**Source records:**
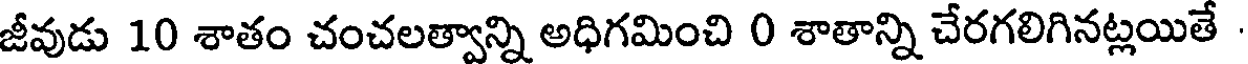
జీవుడు 10 శాతం చంచలత్వాన్ని అధిగమించి 0 శాతాన్ని చేరగలిగినట్లయితే
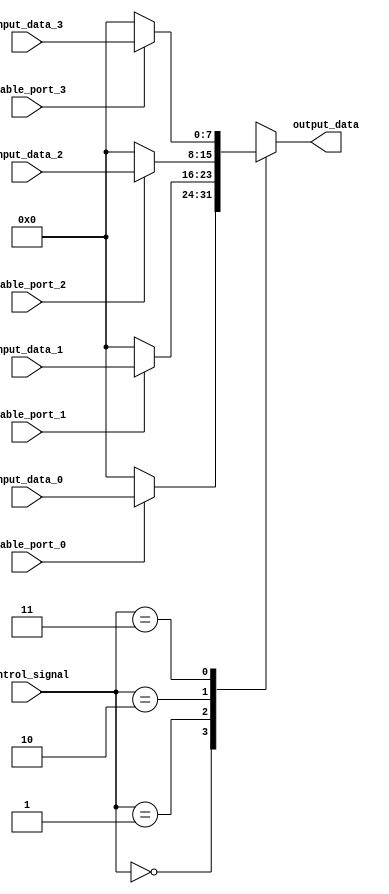
module IO_Block_Bus_Switch (
    input wire [1:0] control_signal,
    input wire [7:0] input_data_0,
    input wire [7:0] input_data_1,
    input wire [7:0] input_data_2,
    input wire [7:0] input_data_3,
    input wire enable_port_0,
    input wire enable_port_1,
    input wire enable_port_2,
    input wire enable_port_3,
    output reg [7:0] output_data
);

always @ (control_signal, input_data_0, input_data_1, input_data_2, input_data_3, enable_port_0, enable_port_1, enable_port_2, enable_port_3) begin
    case (control_signal)
        2'b00: begin
            if (enable_port_0)
                output_data = input_data_0;
            else
                output_data = 8'd0;
        end
        
        2'b01: begin
            if (enable_port_1)
                output_data = input_data_1;
            else
                output_data = 8'd0;
        end
        
        2'b10: begin
            if (enable_port_2)
                output_data = input_data_2;
            else
                output_data = 8'd0;
        end
        
        2'b11: begin
            if (enable_port_3)
                output_data = input_data_3;
            else
                output_data = 8'd0;
        end
    endcase
end

endmodule
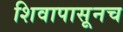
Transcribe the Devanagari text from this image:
शिवापासूनच
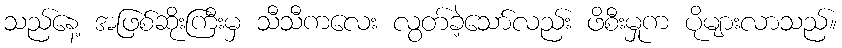
သည်နေ့ အဖြစ်ဆိုးကြီးမှ သီသီကလေး လွတ်ခဲ့သော်လည်း ဖိစီးမှုက ပိုများလာသည်။
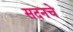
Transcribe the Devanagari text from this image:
सदनचे
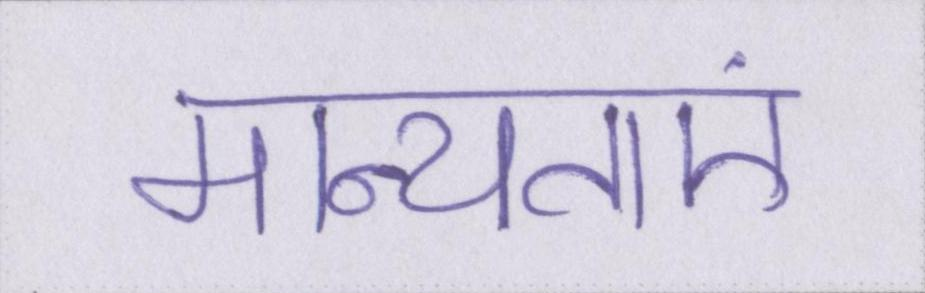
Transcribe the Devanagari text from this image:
मान्यताएं

**What you need to do:**
Repeat the whole listing above word for word. Leave out the pictures.

**Solution below:**
జీవుడు 10 శాతం చంచలత్వాన్ని అధిగమించి 0 శాతాన్ని చేరగలిగినట్లయితే
module IO_Block_Bus_Switch (
    input wire [1:0] control_signal,
    input wire [7:0] input_data_0,
    input wire [7:0] input_data_1,
    input wire [7:0] input_data_2,
    input wire [7:0] input_data_3,
    input wire enable_port_0,
    input wire enable_port_1,
    input wire enable_port_2,
    input wire enable_port_3,
    output reg [7:0] output_data
);

always @ (control_signal, input_data_0, input_data_1, input_data_2, input_data_3, enable_port_0, enable_port_1, enable_port_2, enable_port_3) begin
    case (control_signal)
        2'b00: begin
            if (enable_port_0)
                output_data = input_data_0;
            else
                output_data = 8'd0;
        end
        
        2'b01: begin
            if (enable_port_1)
                output_data = input_data_1;
            else
                output_data = 8'd0;
        end
        
        2'b10: begin
            if (enable_port_2)
                output_data = input_data_2;
            else
                output_data = 8'd0;
        end
        
        2'b11: begin
            if (enable_port_3)
                output_data = input_data_3;
            else
                output_data = 8'd0;
        end
    endcase
end

endmodule
Transcribe the Devanagari text from this image:
शिवापासूनच
သည်နေ့ အဖြစ်ဆိုးကြီးမှ သီသီကလေး လွတ်ခဲ့သော်လည်း ဖိစီးမှုက ပိုများလာသည်။
Transcribe the Devanagari text from this image:
सदनचे
Transcribe the Devanagari text from this image:
मान्यताएं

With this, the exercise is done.